Neste sentido, Cavaco Silva é apenas, à nossa escala, o expoente do político que encarna algumas das características fundamentais de uma «fabricação do consenso» que a generalidade dos meios de comunicação social pratica no seu dia-a-dia. É a representação unipessoal de um espaço público e mediático que há muito vem sendo construído, sobretudo nesse meio mais influente que é a televisão, de modo a excluir o pluralismo do debate político (não apenas ao nível das propostas, mas das ideias). Um espaço artificialmente reduzido e pacificado («suavizado»…) no qual vigora a exploração do imediatismo, das emoções, e o desprezo pela espessura do contexto. Há muitos anos que neste espaço são feitas escolhas. Prefere-se, por exemplo, tratar temas como a pobreza pelo prisma da caridade, desfocando a imagem da «pobreza envergonhada», em vez de se dirigir os focos para as políticas (e seus responsáveis) que destroem serviços públicos, direitos laborais e sociais. Prefere-se, em simetria, deixar de fora da investigação jornalística os mais poderosos da sociedade, que muitas vezes são também, aliás, os accionistas dos grupos que detém a propriedade dos mesmos órgãos de comunicação social.

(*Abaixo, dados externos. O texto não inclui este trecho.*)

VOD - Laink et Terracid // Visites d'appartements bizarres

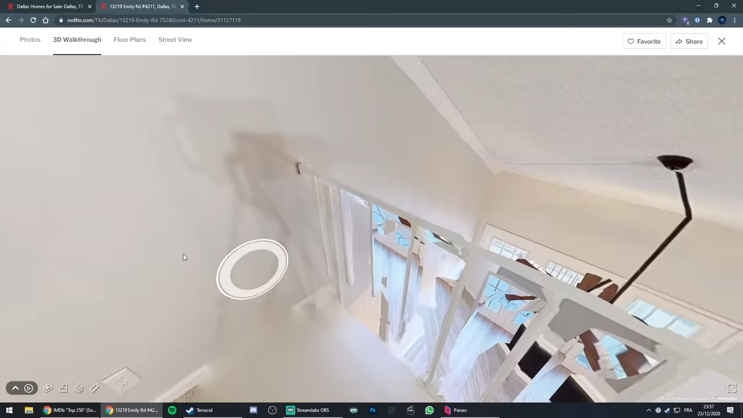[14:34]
Oh, petite mezzanine un peu, là, au-dessus. Bastillé. Avec un placard pour dormir. Pour dormir debout. C'est génial.
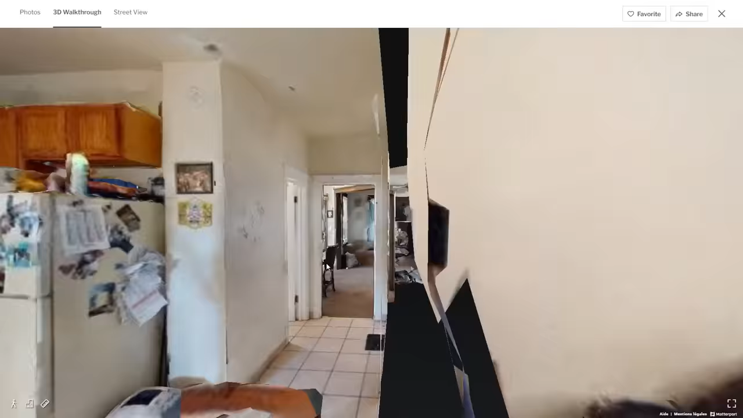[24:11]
C'est vraiment des ouf ! Je suis tombé sur ça, je me suis dit, mais putain, c'est trop bien ! Parce que tu peux voir le point de ta maison en 3D ! C'est incroyable ! Bon, on n'aura pas beaucoup de détails, mais c'est excellent !
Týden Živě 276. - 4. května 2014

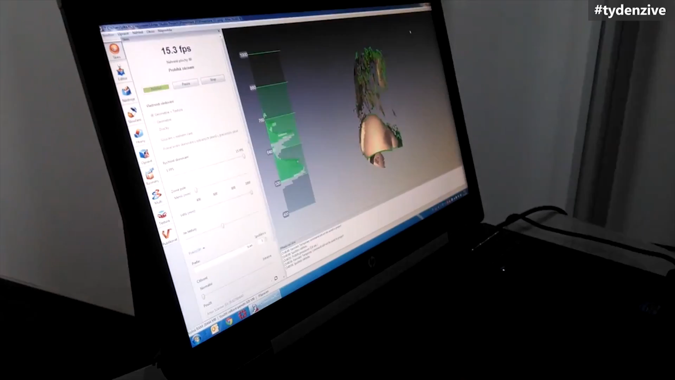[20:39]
ale ukazovali tam vlastně možnosti, co s tím jde dělat,
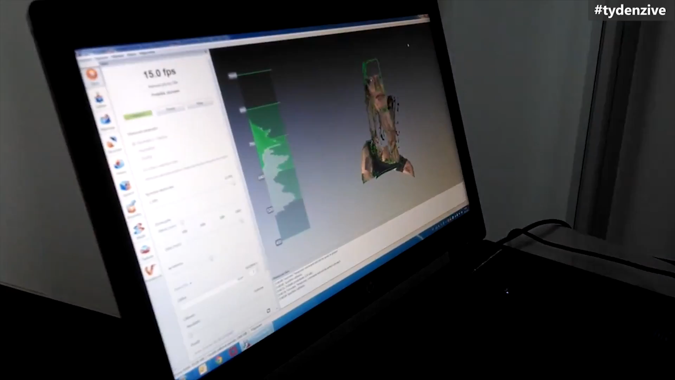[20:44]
takže jde tam třeba měřit nějaký objem těla, takže pro sportovce, který si budou změřit,
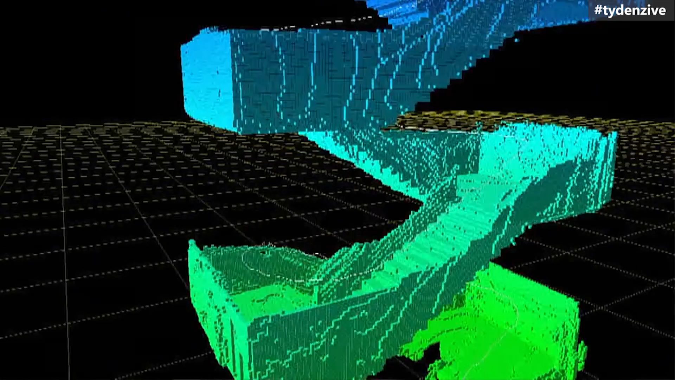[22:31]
snímání okolí a místností vnitřních a zase představit, jestli se to rozjede,
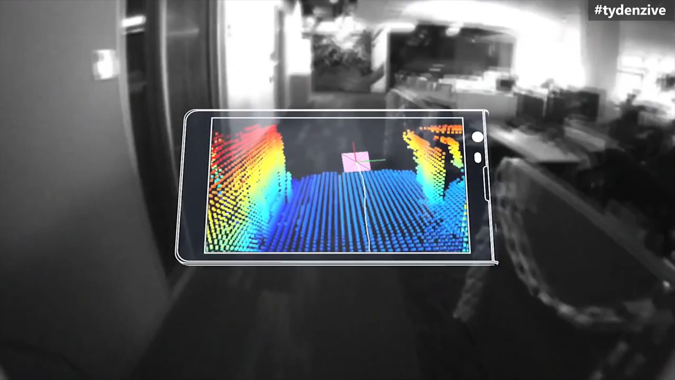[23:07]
No, ten projekt Tango ten právě míří na to, že nejenom že to bude skenovat, ale že v tom podstatě bude vidět ty fyzické objekty,
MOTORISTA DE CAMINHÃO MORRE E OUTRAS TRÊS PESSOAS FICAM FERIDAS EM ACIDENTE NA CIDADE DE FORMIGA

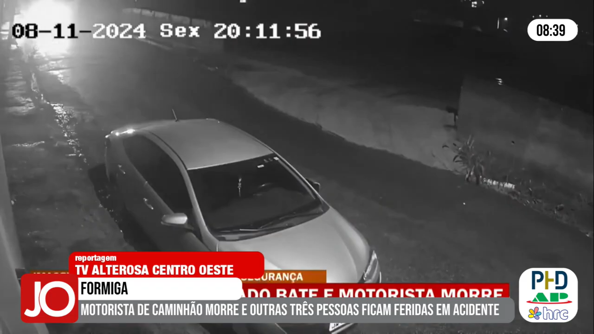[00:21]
Câmeras de segurança registram o momento em que o caminhão, carregado com móveis de escritório, aparentemente sem freios, desce a rua arrastando o Corolla. No carro estão dois rapazes de 29 e 27 anos e na carreta está o motorista e o menino de sete anos que seria neto dele.
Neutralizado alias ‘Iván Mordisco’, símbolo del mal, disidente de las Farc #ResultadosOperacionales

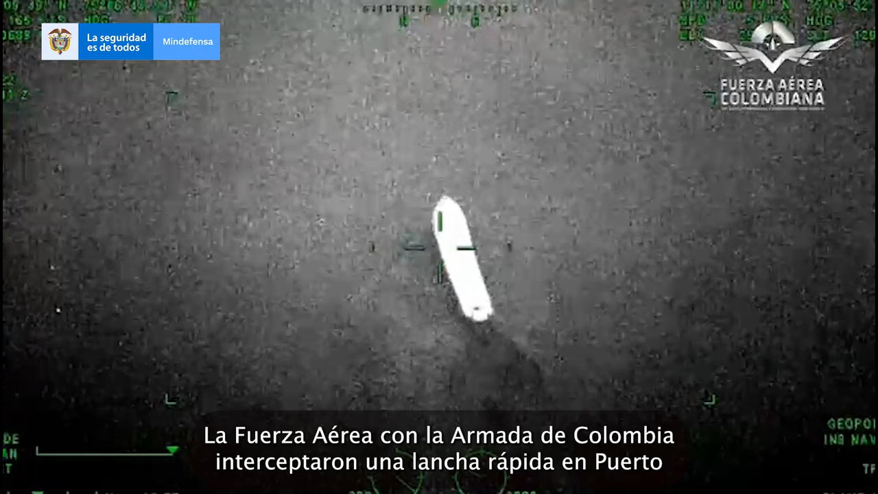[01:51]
La Fuerza Aérea con la Armada de Colombia interceptaron una lancha rápida en Puerto Velero Atlántico,
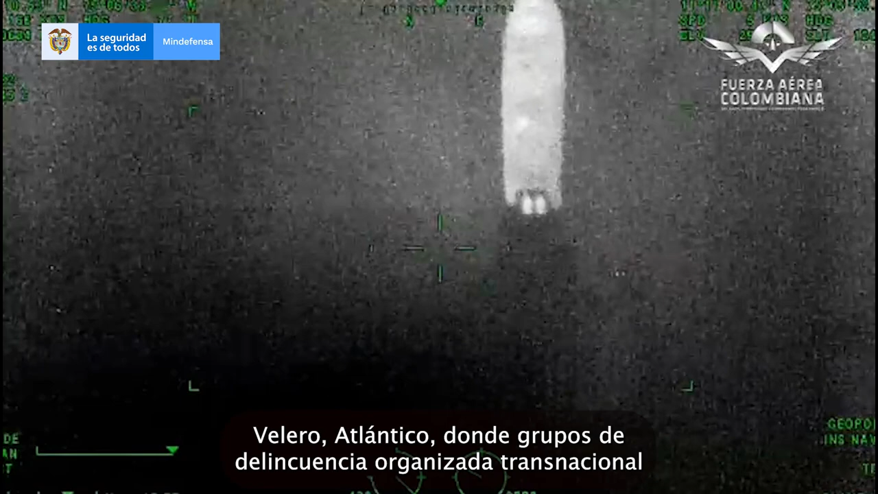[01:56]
donde grupos de delincuencia organizada transnacional se disponían a enviar 442 kilos de estupefacientes con posible destino hacia Centroamérica.
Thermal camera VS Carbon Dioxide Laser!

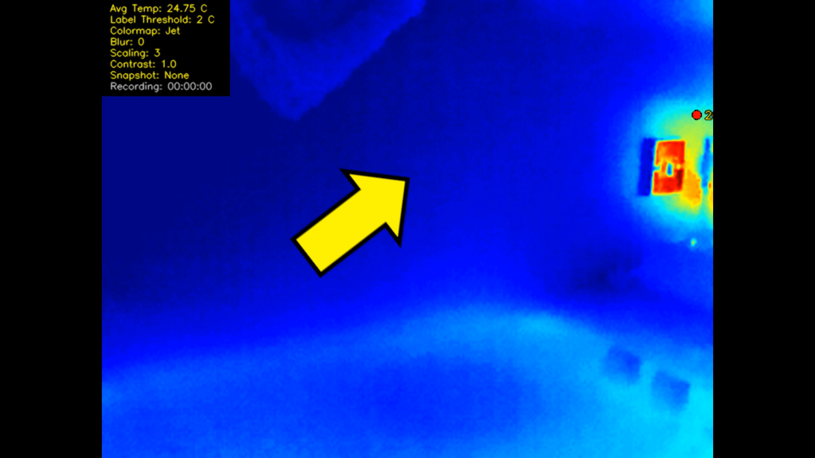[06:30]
It is possible that the self calibration has dealt with it in some sensible way or perhaps it is an intrinsic property of the sensor material.
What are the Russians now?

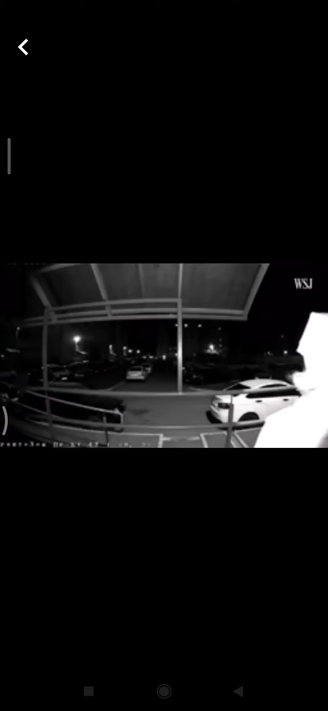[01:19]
the sound of the explosion was recorded by security cameras nearby.
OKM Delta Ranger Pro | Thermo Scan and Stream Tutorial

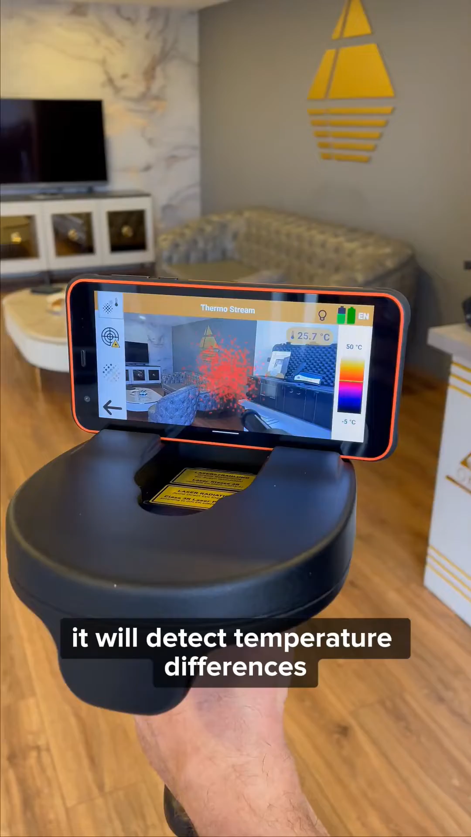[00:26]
On screen: spot 25.7°C, scale top 50°C, scale bottom -5°C
In this function it will detect temperature differences as simple as waving your hand in front will show the difference in temperature, which sits up here.
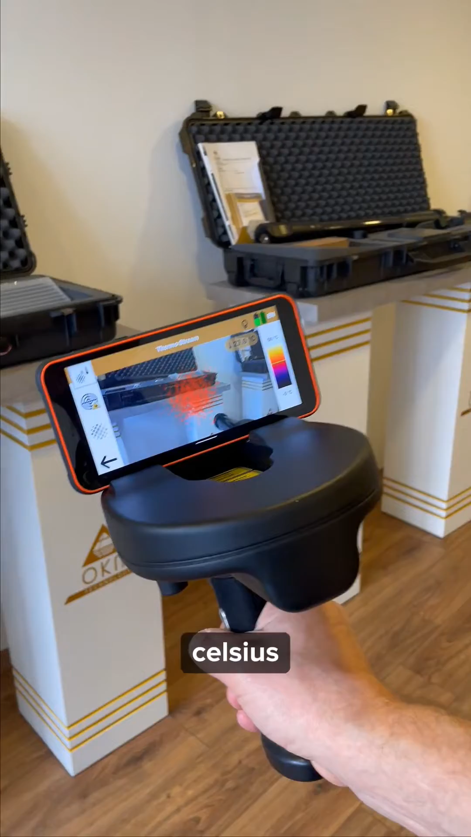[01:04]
For example, the stand here, I'm recording here at 27 degrees Celsius and up here the wall is at 26, making a slight difference.
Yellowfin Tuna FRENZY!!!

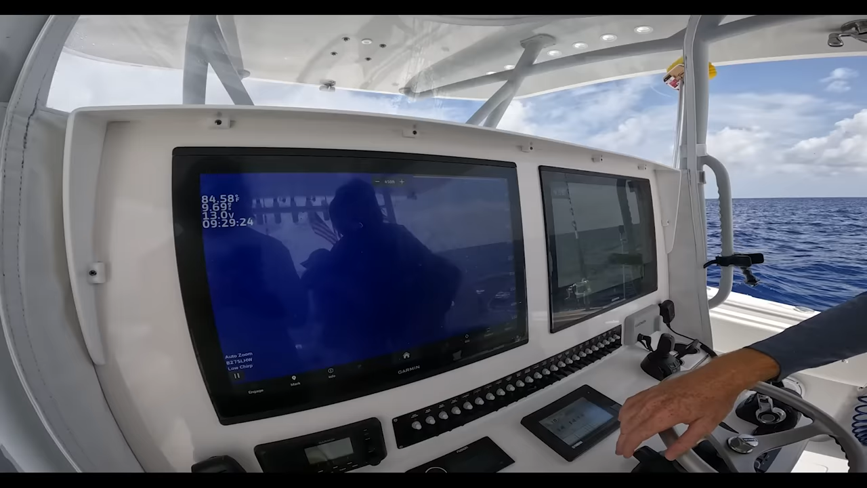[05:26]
oh there's little dots in there especially that it's a nice market two fishes
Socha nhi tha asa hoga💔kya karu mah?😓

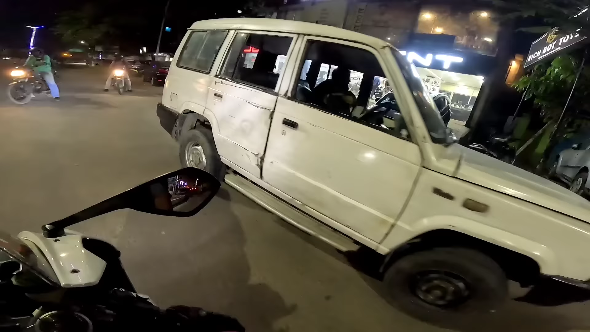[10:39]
क्या जॉयस बाइक पॉइंट के बाहर पुलिस का गाड़ी,
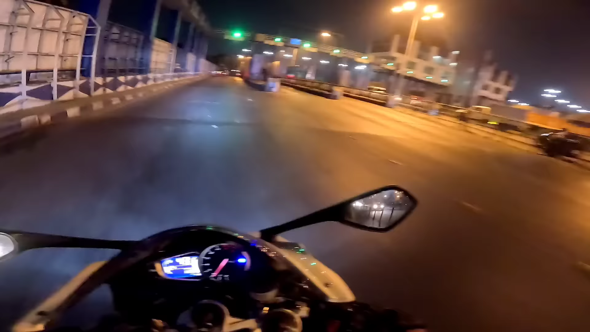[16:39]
यहाँ पे हमारा स्ट्रेट टोल प्लाजा में हो रहा है ड्रिंक एंड ड्राइव का चेकिंग हो रहा
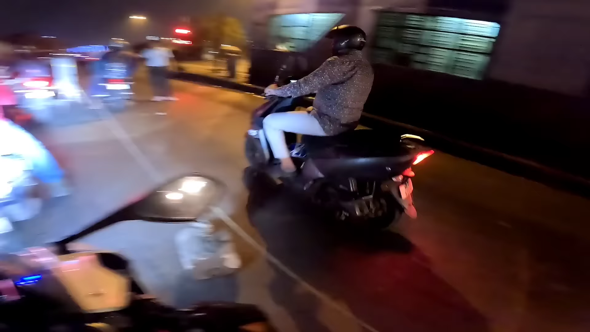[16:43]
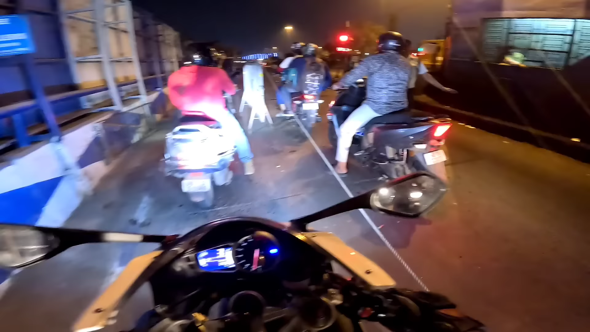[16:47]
है, ड्रिंक एंड ड्राइव का चेकिंग।
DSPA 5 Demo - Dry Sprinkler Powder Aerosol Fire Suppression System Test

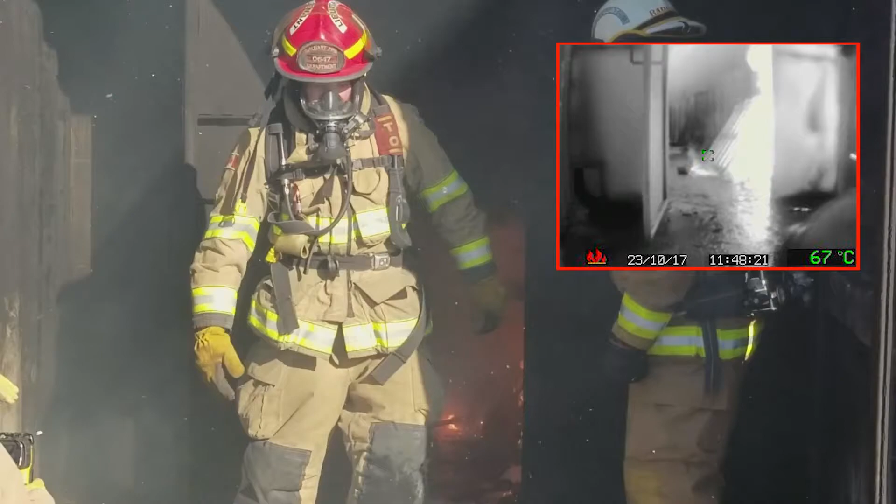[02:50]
On screen: spot 67°C
by recorded temperature reduction and full containment of the fire. This test is made with the container door open to show the volume of aerosol which is seen ventilating rapidly.
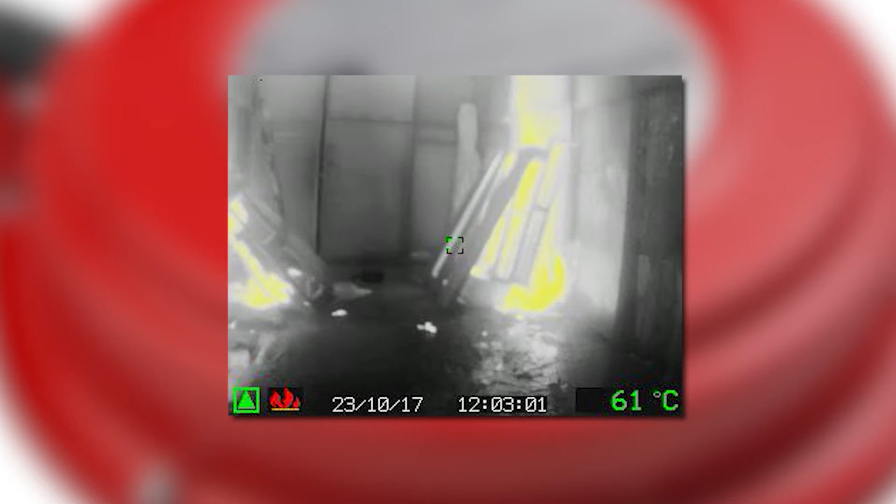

Na sociedade da «fabricação do consenso» finge-se a neutralidade política e escondem-se os interesses, legítimos ou não, que se escondem por detrás das atitudes dos mais fortes (as dos mais fracos, pelo contrário, são sempre alvo de suspeição ou denúncia). Se assim não for feito, corre-se o risco de os cidadãos se entusiasmarem com a aventura da democracia: que se ponham a pensar e se informem; que não aceitem formar opinião sem ouvir pontos de vista realmente contraditórios; que sintam o prazer do debate e a responsabilidade de serem parte de uma decisão; que não se sintam impotentes por tudo ser decidido longe deles e independentemente da sua vontade. Neste tempo de deriva suicidária da União Europeia, em que certa política se diz refém dos mesmos mercados cujo poder ela construiu, as próximas eleições presidenciais podem dar um sinal de que muitos cidadãos não estão do lado da crise: nem da crise que lhes impõe a austeridade e as desigualdades, nem da que os menoriza como sujeitos políticos no quadro da democracia. Derrotar Cavaco Silva será derrotar o rosto desta dupla crise, económica e política. Mas, aconteça isso ou não, a desconstrução dos mecanismos de «fabricação do consenso» é uma prioridade tão urgente antes como depois destas presidenciais da crise.